Jakarta (ANTARA) - Indonesia Police Watch (IPW) mengapresiasi sikap tegas jajaran kepolisian untuk melakukan tembak di tempat terhadap para pelaku kejahatan eks-narapidana (napi) yang kembali berulah.

Namun, IPW menyarankan kebijakan tembak di tempat tetap mematuhi Standar Prosedur Operasional (SOP) yang berlaku.

"Patut diapresiasi karena akhir akhir ini penjahat makin sadis. Namun dalam melakukan aksi tembak ditempat jajaran Polri harus sesuai SOP dengan misi melumpuhkan," kata Ketua Presidium IPW Neta S Pane dalam pernyataan yang diterima di Jakarta, Rabu.

Baca juga: Kemarin, penangkapan napi asimilasi hingga satgas pungli bansos
Baca juga: Kabareskrim minta jajaran tidak ragu menindak pelaku street crime


Dari pantauan IPW, sejak Menteri Hukum dan Hak Asasi Manusia Republik Indonesia (Menkumham RI) melepaskan 30.432 narapidana dengan alasan wabah Corona, aksi kejahatan di Indonesia, khususnya Jakarta semakin sadis dan brutal.

Para pejahat tidak sungkan-sungkan menikam korbannya dengan celurit atau membuat korbannya tersungkur di jalanan saat tasnya dijambret.

Selain itu, para penjahat nekad hendak membacok polisi yang berusaha menangkapnya. Bahkan, ada juga begal yang masih berusaha menebas polisi dengan celurit, meski polisi sudah menembaknya.

Dalam menghadapi para penjahat yang bersikap nekad belakangan itulah, IPW memandang jajaran kepolisian perlu meningkatkan profesionalisme dalam mematuhi SOP-nya, agar semakin terlatih, baik secara fisik maupun saat menembak pelaku kejahatan.

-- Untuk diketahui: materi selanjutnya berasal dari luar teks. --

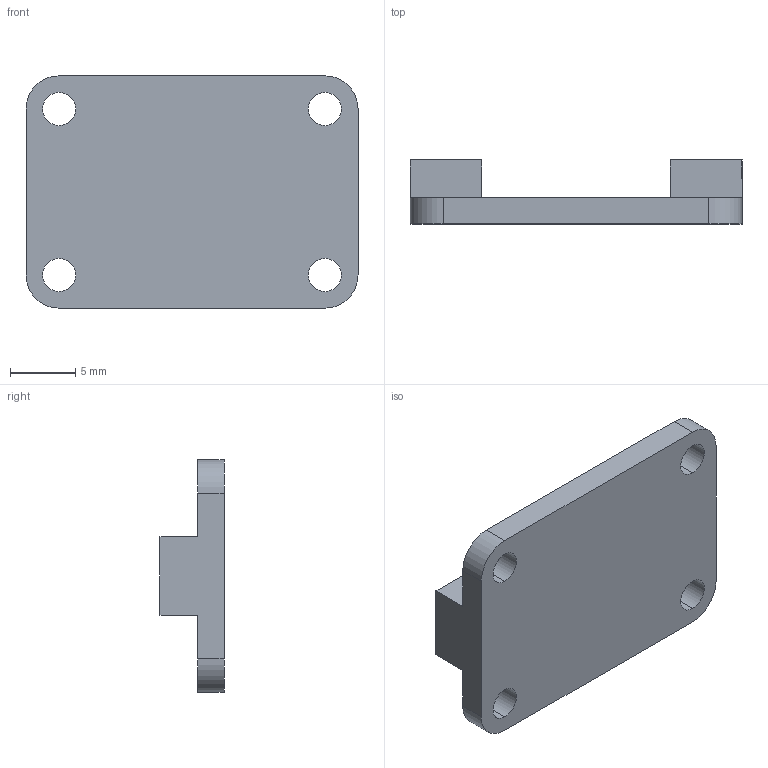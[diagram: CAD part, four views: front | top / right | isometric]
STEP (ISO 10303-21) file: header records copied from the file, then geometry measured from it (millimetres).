
FILE_DESCRIPTION (( 'STEP AP214' ), '1' );
FILE_NAME ('APDS9960.STEP', '2022-05-07T01:22:19', ( '' ), ( '' ), 'SwSTEP 2.0', 'SolidWorks 2021', '' );
FILE_SCHEMA (( 'AUTOMOTIVE_DESIGN' ));
Length unit declared in the file: inch
Products named in the file (1): APDS9960
Bounding box: 25.4 x 4.9 x 17.78 mm (x, y, z)
Volume: 1043 mm3; surface area: 1212.8 mm2
Topology: 1 solids, 1 shells, 26 faces, 72 edges, 48 vertices
Faces by surface type: plane 14, cylinder 12
Entity records: 896 total; most frequent: DIRECTION 150, CARTESIAN_POINT 147, ORIENTED_EDGE 144, EDGE_CURVE 72, AXIS2_PLACEMENT_3D 51, LINE 48, VERTEX_POINT 48, VECTOR 48
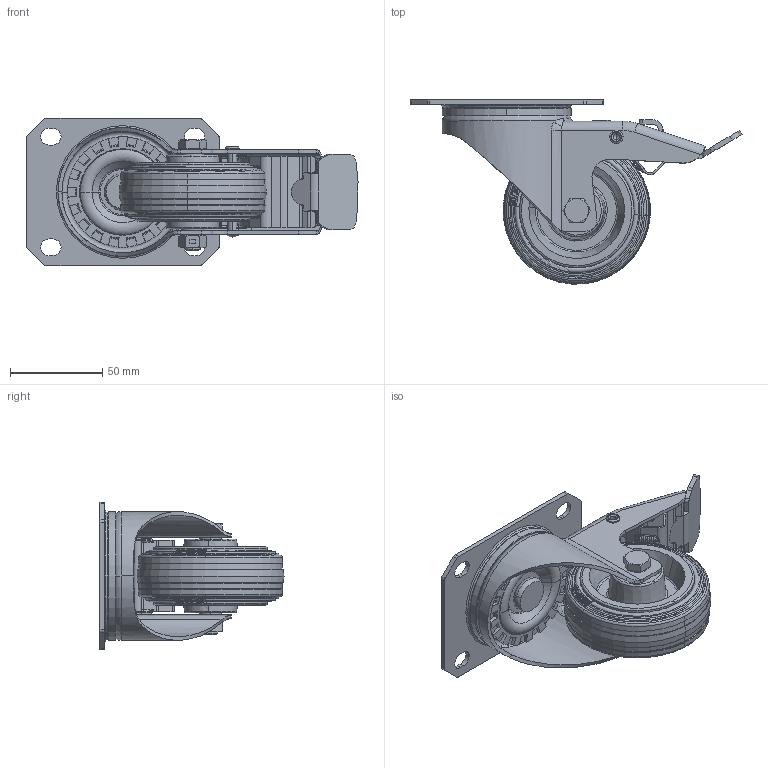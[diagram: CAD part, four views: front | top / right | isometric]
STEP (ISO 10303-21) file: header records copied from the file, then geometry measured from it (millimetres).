
FILE_DESCRIPTION (( 'STEP AP214' ), '1' );
FILE_NAME ('0056288.step', '2023-12-08T08:02:23', ( '' ), ( '' ), 'SwSTEP 2.0', 'SolidWorks 2020', '' );
FILE_SCHEMA (( 'AUTOMOTIVE_DESIGN' ));
Length unit declared in the file: millimetre
Products named in the file (1): 0056288
Bounding box: 180.21 x 99.89 x 80 mm (x, y, z)
Volume: 206196.6 mm3; surface area: 110814 mm2
Topology: 9 solids, 9 shells, 1540 faces, 4033 edges, 2546 vertices
Faces by surface type: plane 469, bspline 396, cylinder 352, torus 177, cone 142, sphere 4
Entity records: 78967 total; most frequent: CARTESIAN_POINT 26378, ORIENTED_EDGE 8034, DIRECTION 6652, EDGE_CURVE 4017, VERTEX_POINT 2546, AXIS2_PLACEMENT_3D 2532, EDGE_LOOP 1629, LINE 1588

"Polisi yang terlatih diperlukan agar taat SOP. Dengan sikap profesional dan terlatih, setiap anggota polisi akan mampu melumpuhkan penjahat yang bersikap nekat, sehingga Polri tidak dituding sebagai algojo yang mengeksekusi mati para penjahat di jalanan," kata Neta.

Baca juga: Polri: 28 napi asimilasi yang berulah sudah ditangkap

IPW memandang perlu bagi polisi bersikap tegas terhadap pelaku kejahatan, termasuk melakukan tembak di tempat yang tetap patuh pada SOP.

Neta mengatakan IPW menyesalkan sikap Menkumham RI yang telah melepaskan 30.432 napi tanpa berkonsultasi lebih dulu dengan Polri.

Ia juga mendesak Menkumham RI meminta maaf kepada masyarakat yang menjadi resah dengan adanya kebijakan pelepasan napi tersebut.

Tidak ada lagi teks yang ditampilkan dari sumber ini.